Author Contributions
C.C., N.Z., E.D. designed and performed experiments. C.C. analyzed the data and wrote the manuscript. S.F.R. performed parts of the experiments. R.B., M.O. and F.H. supervised the project. F.H. designed the project, oversaw the whole project and revised the manuscript.
Conflict of interests
The authors declare that they have no conflict of interest.
Statistical analysis
P values were calculated with paired two-tailed Student t test (Graphpad prism or Excel) as specified in Figure legend.
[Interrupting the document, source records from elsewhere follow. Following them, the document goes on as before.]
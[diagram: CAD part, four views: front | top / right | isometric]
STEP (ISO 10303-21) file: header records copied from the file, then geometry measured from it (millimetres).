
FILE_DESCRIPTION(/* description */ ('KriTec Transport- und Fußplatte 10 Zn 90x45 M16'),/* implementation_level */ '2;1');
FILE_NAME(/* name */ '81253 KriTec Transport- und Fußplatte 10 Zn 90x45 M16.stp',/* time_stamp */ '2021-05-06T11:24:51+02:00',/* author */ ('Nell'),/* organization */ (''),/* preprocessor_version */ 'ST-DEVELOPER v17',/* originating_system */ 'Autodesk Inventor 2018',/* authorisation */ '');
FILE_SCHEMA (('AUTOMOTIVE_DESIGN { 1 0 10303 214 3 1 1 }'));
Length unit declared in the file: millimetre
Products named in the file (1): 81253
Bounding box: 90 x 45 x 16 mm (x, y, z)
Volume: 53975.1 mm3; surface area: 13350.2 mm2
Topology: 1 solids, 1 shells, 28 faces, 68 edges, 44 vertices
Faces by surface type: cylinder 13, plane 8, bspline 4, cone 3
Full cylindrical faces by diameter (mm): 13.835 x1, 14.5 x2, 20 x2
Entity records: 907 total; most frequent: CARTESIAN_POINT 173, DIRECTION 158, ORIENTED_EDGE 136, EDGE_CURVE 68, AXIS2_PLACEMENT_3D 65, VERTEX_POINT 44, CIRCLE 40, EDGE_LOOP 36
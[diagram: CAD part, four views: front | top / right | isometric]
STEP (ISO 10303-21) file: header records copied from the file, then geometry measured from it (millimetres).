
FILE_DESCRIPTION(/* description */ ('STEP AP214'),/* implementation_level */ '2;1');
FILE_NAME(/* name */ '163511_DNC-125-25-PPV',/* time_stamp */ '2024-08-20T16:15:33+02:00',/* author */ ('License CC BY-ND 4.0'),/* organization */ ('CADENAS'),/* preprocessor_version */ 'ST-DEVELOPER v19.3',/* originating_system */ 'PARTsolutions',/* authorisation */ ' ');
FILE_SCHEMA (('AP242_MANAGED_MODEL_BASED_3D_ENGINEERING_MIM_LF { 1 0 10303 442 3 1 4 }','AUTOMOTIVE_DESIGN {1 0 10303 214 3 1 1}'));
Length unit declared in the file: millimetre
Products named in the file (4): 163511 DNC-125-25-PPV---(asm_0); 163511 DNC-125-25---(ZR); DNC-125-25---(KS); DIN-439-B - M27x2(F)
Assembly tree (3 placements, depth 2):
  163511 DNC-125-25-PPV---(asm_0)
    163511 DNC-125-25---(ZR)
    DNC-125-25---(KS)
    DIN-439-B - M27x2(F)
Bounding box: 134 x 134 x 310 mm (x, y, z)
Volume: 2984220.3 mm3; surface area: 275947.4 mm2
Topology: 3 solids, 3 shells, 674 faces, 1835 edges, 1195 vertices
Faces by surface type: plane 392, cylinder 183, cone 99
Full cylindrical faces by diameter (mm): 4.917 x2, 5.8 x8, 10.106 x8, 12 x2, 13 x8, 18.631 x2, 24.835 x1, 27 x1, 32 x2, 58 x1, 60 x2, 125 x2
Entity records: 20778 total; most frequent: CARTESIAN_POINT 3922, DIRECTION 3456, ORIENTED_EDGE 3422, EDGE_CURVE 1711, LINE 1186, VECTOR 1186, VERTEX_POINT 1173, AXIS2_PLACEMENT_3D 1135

All error bars represent the standard deviation.
Data availability
Data availability: The microarray data have been deposited into Gene expression Omnibus (GEO) repository with the access code GSE151266. All other data and information needed to evaluate the conclusions of this work are presented in the Supplementary Figures.
Acknowledgement
We thank Annegrät Daujeumont, Alexandre Baron and Olga Kondratyeva for their expert technical supports. We particularly appreciate Luxembourg Red Cross for providing buffy coats to us.